Confirm the File Is in .docx Format
The Pandoc plugin requires a .docx file. Almost all modern versions of Microsoft Word save in this format by default. If an author submits an older .doc file, ask them to resave it as .docx before uploading.
Run Word’s Built-In Accessibility Checker
Microsoft Word includes an Accessibility Checker that automatically scans a document for common accessibility problems and explains how to fix them. Running it before uploading a manuscript is a quick way to catch issues such as missing alt text or tables without header rows that would otherwise carry through into the HTML output. (see: Microsoft Support: Improve accessibility with the Accessibility Checker)
To open the Accessibility Checker:
Windows: Review tab → Check Accessibility
Mac: Review tab → Check Accessibility
The checker results appear in a panel on the right side of the screen. Issues are grouped into three categories:
Errors — problems that make content inaccessible to some users (e.g., images with no alt text).
Warnings — issues that may cause difficulty for some users (e.g., tables with no header row).
Tips — suggestions for improving the reading experience (e.g., adding a document title in the file properties).
Clicking on any item in the results panel highlights the relevant part of the document and provides a short explanation of the problem and how to fix it. Aim to resolve all Errors and as many Warnings as possible before uploading the file.
Tip for editors: You can ask authors to run the Accessibility Checker themselves before submitting their final manuscript. This distributes the quality-control work and helps authors develop better document habits over time.
How to Generate HTML: Step-by-Step
Once you have a well-prepared .docx file uploaded to Janeway, generating the HTML galley takes just a few clicks.
1. Open the article and navigate to the Typesetting workflow stage.
2. Locate the “Files for Typesetting” section. You should see the uploaded manuscript files listed here.
3. Find the .docx file you want to convert. It should be labeled “Manuscript File.” Confirm that the filename ends in .docx.
4. Click the “Options” link next to the .docx file. A dropdown menu will appear.
5. Select “Generate HTML” from the dropdown menu.
6. Wait a moment while the plugin processes the file. This typically takes only a few seconds.
7. Scroll down to the “Current Galleys” section. You will find the newly generated HTML file listed there. You can review any assets the tool generated (e.g. images) by selecting the Edit icon.
Note: If the “Generate HTML” option does not appear in the Options dropdown, verify that the file is in .docx format. Files in other formats (e.g., .pdf, .doc, .rtf) are not supported by the Pandoc plugin.
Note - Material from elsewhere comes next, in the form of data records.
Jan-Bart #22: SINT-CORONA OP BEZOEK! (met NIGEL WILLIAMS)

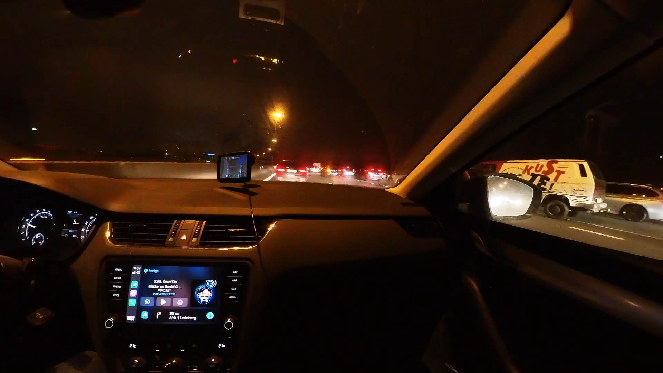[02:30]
Let op, langzaam rijden tot stilstaand verkeer vooruit. Ah wel ja, inderdaad.
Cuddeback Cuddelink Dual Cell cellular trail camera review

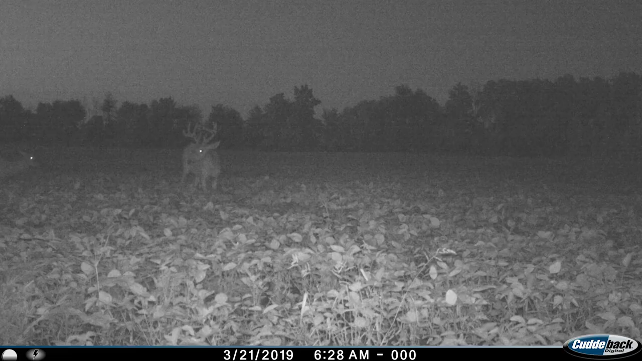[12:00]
Now, so here's a night image, 6:30 in the morning. So it's really not even night, this is dusk. I find that the night images are pretty grainy. They're not as high quality as some of the other cameras that I'm working with. I can still see the detail in the antlers, you know, I can see which buck that is. But then here, you know, it's 6:53, so the sun is partly up. It's still using the infrared lights, you know, even with the sun partially up. I believe that this is the buck that came in within 70 yards of us in Gemma's video.
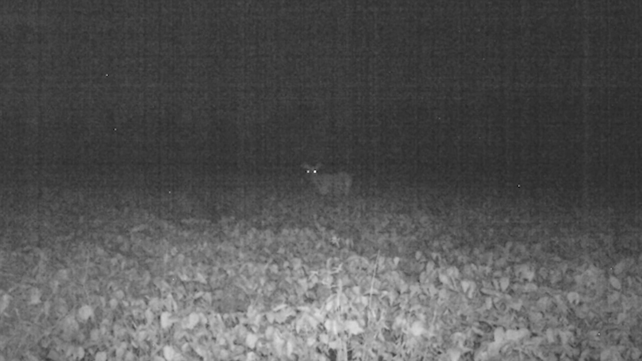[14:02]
So this is a night video. It's really grainy. The quality is pretty crappy, to be honest.
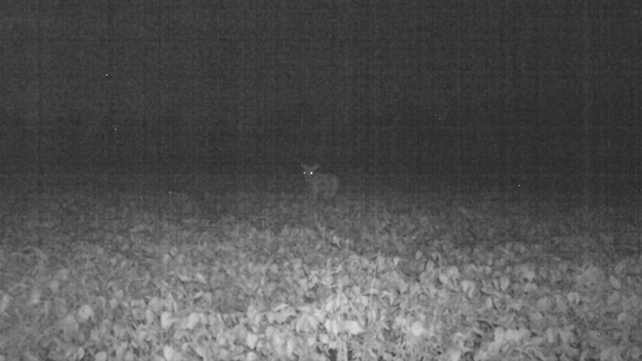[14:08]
And it always has a little Cuddeback introduction at the beginning, which I found amusing.
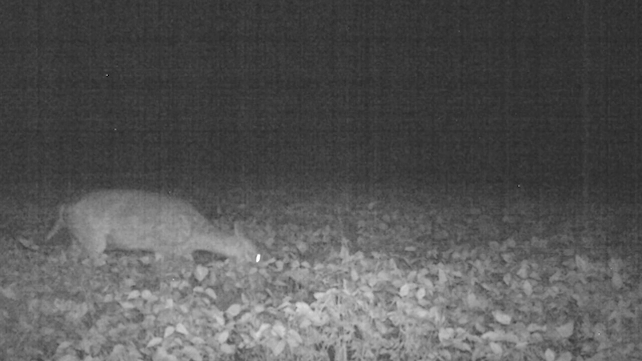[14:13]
And then right there it is again. When I saw these videos, I was really surprised in the quality. The quality just doesn't seem to be very good.
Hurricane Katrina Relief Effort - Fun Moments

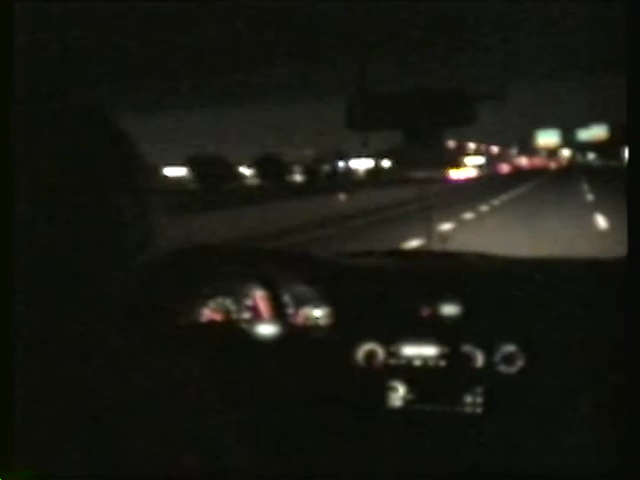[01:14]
I've proof that Astra does drive over 55 miles an hour, okay? Father Dan, you got that? You're going to have to go to confession, pal. I got documented evidence. We're in the van. It's the crack o' dawn. Alfredo's right here. Still can't see him because it's dark. Robert's in the front. Astra's kind enough to drive us. We're on 270. There's Shady Grove overpass.
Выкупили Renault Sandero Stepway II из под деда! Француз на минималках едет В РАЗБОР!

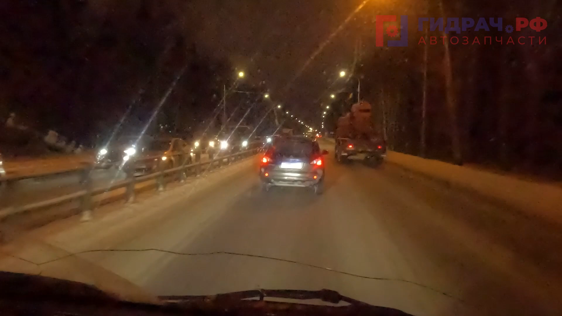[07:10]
привет вот сейчас я вам покажу вот так делать не надо гражданин просто едет наравне с камазом ему все равно смотри-ка начала пережать спасибо тебе добрый человек метров 400 он точно 500 шел все-таки палки не нужно забыть так вот нельзя так очень плохо тем временем мы заехали в тюмень едем на базу
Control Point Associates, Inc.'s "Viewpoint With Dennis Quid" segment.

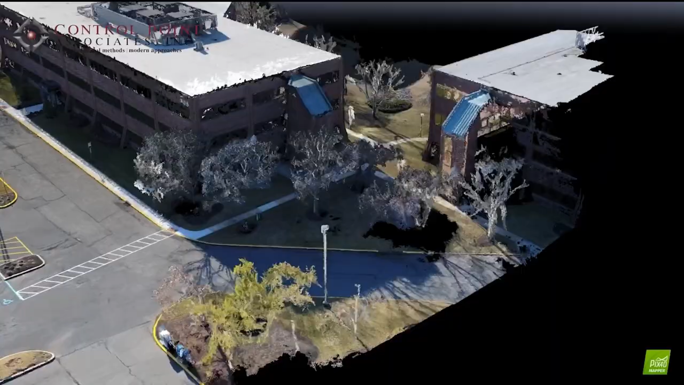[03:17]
is stitching all these photos together and using each pixel in order to create a 3D reconstruction of a project.
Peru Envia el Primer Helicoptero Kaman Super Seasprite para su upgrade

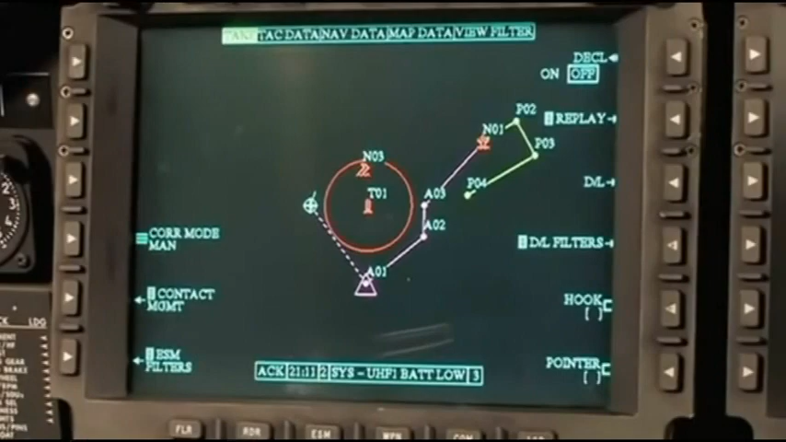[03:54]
The radar includes a search and rescue transponder capability with precision hover controls, making deployment easier and safer.
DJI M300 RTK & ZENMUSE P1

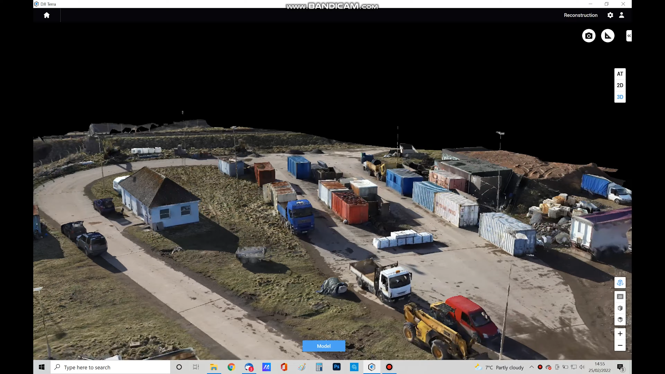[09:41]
going to cost you a little bit after a year now as you can see it goes round and it's sort of rendering if you look at the truck van here just at the bottom right you'll see as it comes around it's going to slowly improve
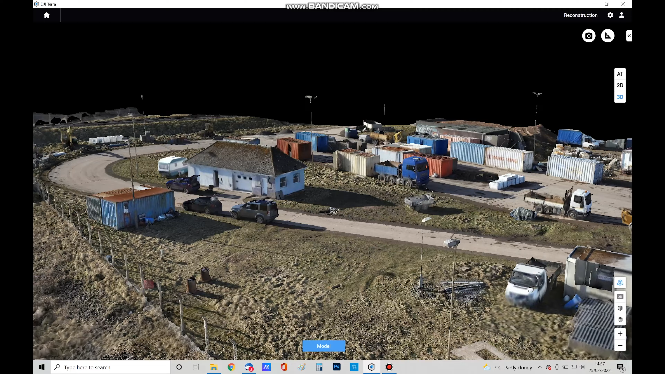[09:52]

After Generation: Reviewing the HTML Galley
After the conversion, it is good practice to preview the HTML galley to make sure it looks as expected. Common things to check include:
Headings appear at the correct levels and are visually distinct from body text.
Images are displayed and have alt text visible in the page source.
Tables are properly formatted with header rows.
Lists are rendered as proper bulleted or numbered lists, not as plain text.
Hyperlinks are live and point to the correct URLs.
Special characters, accents, and non-Latin scripts are displayed correctly.
Footnotes or endnotes appear at the bottom of the article.
If you notice issues with the HTML output, the most common cause is that the source Word document did not follow the formatting best practices described above. In most cases, the best approach is to correct the Word document and regenerate the HTML, rather than editing the HTML file directly.
Tip: You can regenerate the HTML at any time by repeating the steps above. Each time you click “Generate HTML,” a new HTML file is created in the Current Galleys section.